For a lot of engineers this seems completely wrong but to many others in enterprise software this has become more true than false. Most of the old guard tech companies of decades past have moved the majority of their development opportunities offshore (Israel, Eastern Europe, India, Southeast Asia, Brazil, and many more), abuse H1Bs (both as persons and in terms of policy), or to lower cost living areas of the US. Heck, even NASA’s largest personnel presence is in Alabama and Florida last I checked rather than NYC, SF, or even DC. While there are exceptions the rationale is that unless you have a business reason to have top engineers paid top wages and specifically in a large US metro, you likely are going to shift your tech labor force elsewhere. I think the message from the market is pretty clear - average / below average programmers have little competitive advantage over overseas labor of comparable overall technical output even if their communication skills are pretty decent, and the sky’s the limit practically for the talented - this is the reality of opportunity gaps in the US and has been for a long, long time.


I'd offer a softer version of this. If you are capable of becoming a programmer, you're probably capable of entering a field with better prospects.

This is a slightly ambiguous claim, because a "programmer" can be such a wide range of things. You can read a book on PHP and MySql, or not read the book and say you did, and call yourself a programmer.

But if you're the sort of person who can enter a decent college (no, not elite, just a proper college), read and write well enough to get good grades in your humanities general coursework, do calculus through differential equations, and major in computer science or engineering, then I think you're probably capable of entering a field with better prospects than programming.

I don't feel quite as negative about programming as you do, in that I don't think it's necessarily a bad job or a dead end (though I do think these risks are very present in programming careers), and there are still great careers to be had in it. But yes, I do agree that people capable of doing this are probably capable of doing a lot of things, and many of those things may be better paths.


My current career started with clients burned by outsourcing their projects.


Wow that is bad advice.


The reality is quite the opposite.

There are plenty of opportunities here and most of the candidates are grossly incompetent. Many passably competent candidates confuse their status for greatness (Dunning-Kruger). As a result many companies persue visa sponsorship for immigrants at greater expense to supplement their hiring targets.

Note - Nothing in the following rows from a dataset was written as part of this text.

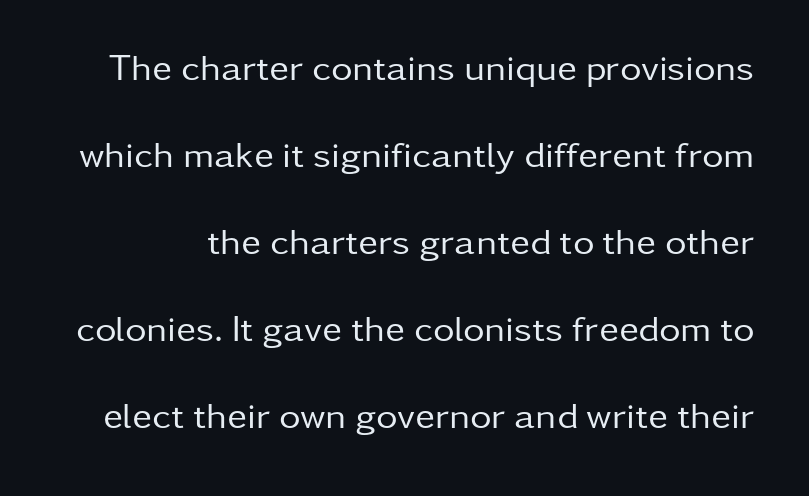
{"serif": "no", "italic": "no", "bold": "no", "weight": "regular", "width": "normal", "stroke_contrast": "low", "x_height": "medium", "monospaced": "no", "underline": "no", "line_spacing": "loose", "line_spacing_ratio": 2.35, "letter_spacing": "normal", "letter_spacing_em": 0.0, "glyph_px": 37}
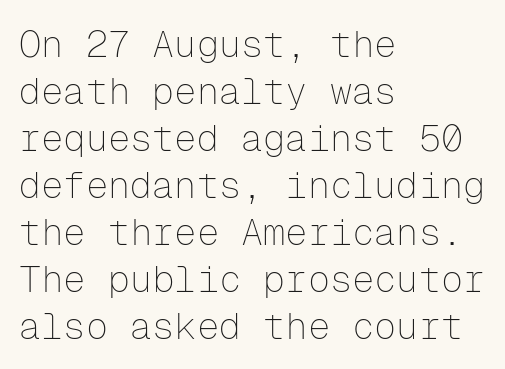
The image shows 37 px thin sans-serif type, upright, monospaced; set left-aligned, normal line spacing (1.27x), normal letter spacing, not underlined; low stroke contrast and a medium x-height.
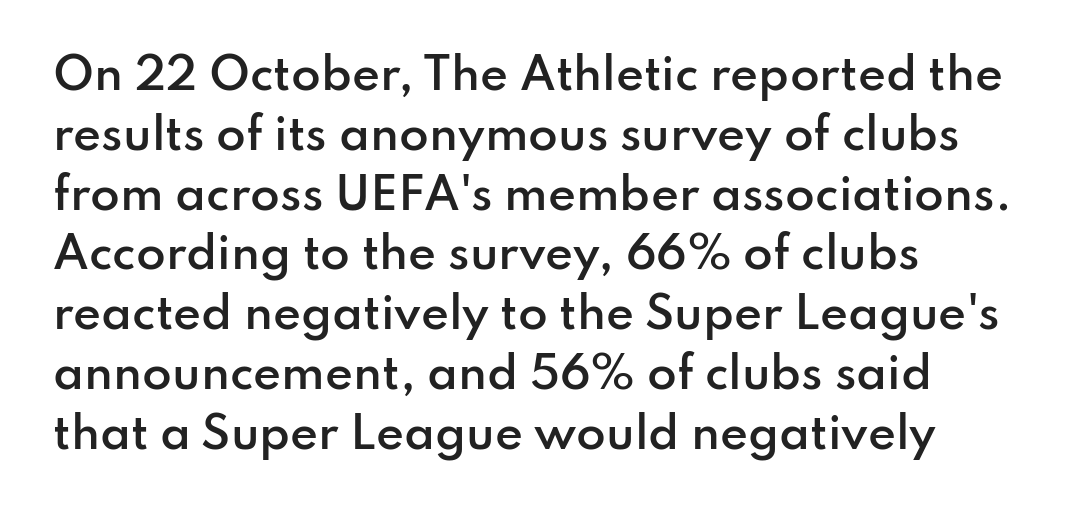
Students, this is semibold: more ink than regular, less than bold. Is the letter spacing exaggerated? No — it looks like the ordinary default. You could not count columns in this text — the font is proportionally spaced. Observe the absence of serifs on each vertical stroke in this sample. Check the space under the baseline: it is left empty. The rendering uses a moderate line-height, typical for paragraphs.
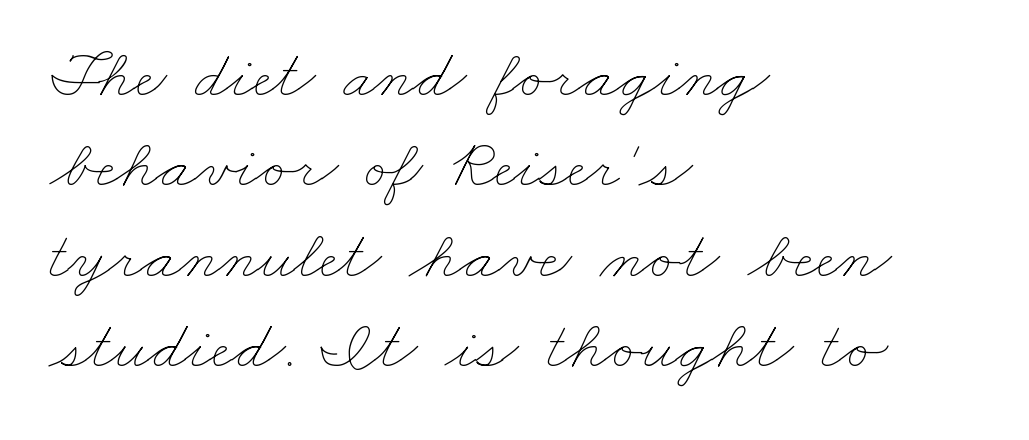
The image shows 69 px thin, wide type; set left-aligned, normal line spacing (1.31x), normal letter spacing, not underlined; low stroke contrast and a small x-height.
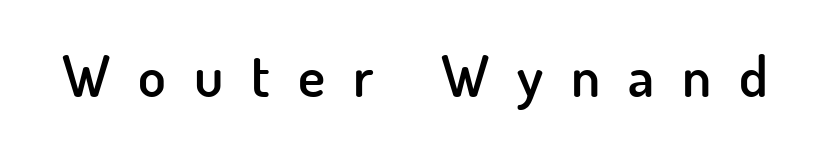
{"serif": "no", "italic": "no", "bold": "semi", "weight": "semibold", "width": "normal", "stroke_contrast": "low", "x_height": "small", "monospaced": "no", "underline": "no", "letter_spacing": "wide", "letter_spacing_em": 0.49, "glyph_px": 57}

This level of incompetence should not be a surprise to anybody since software and software hiring are completely unregulated. There are no licensing, certification, or objective standard qualifications to define competence.

If in fact a candidate is objectively better than average they can go where ever they want. For these people the most challenging part of their career is finding a team/product that thinks like they do.


if taken at face value, this is sad. In fact, the entire field is moving in many directions at once. Some parts of some kinds of programming already did move to India from the US, but its not at all the whole story.


Seems like there is a hidden bit of advice about not becoming overly specialized or at the very least be nimble enough to be able to change your specialty quickly. Also seems like this will lead to "specialists" with shallow knowledge on average.


I see it as a bit of hidden advice of just because someone knows a shit ton about one thing, doesn't mean they known everything about everything, even if they sound like they do.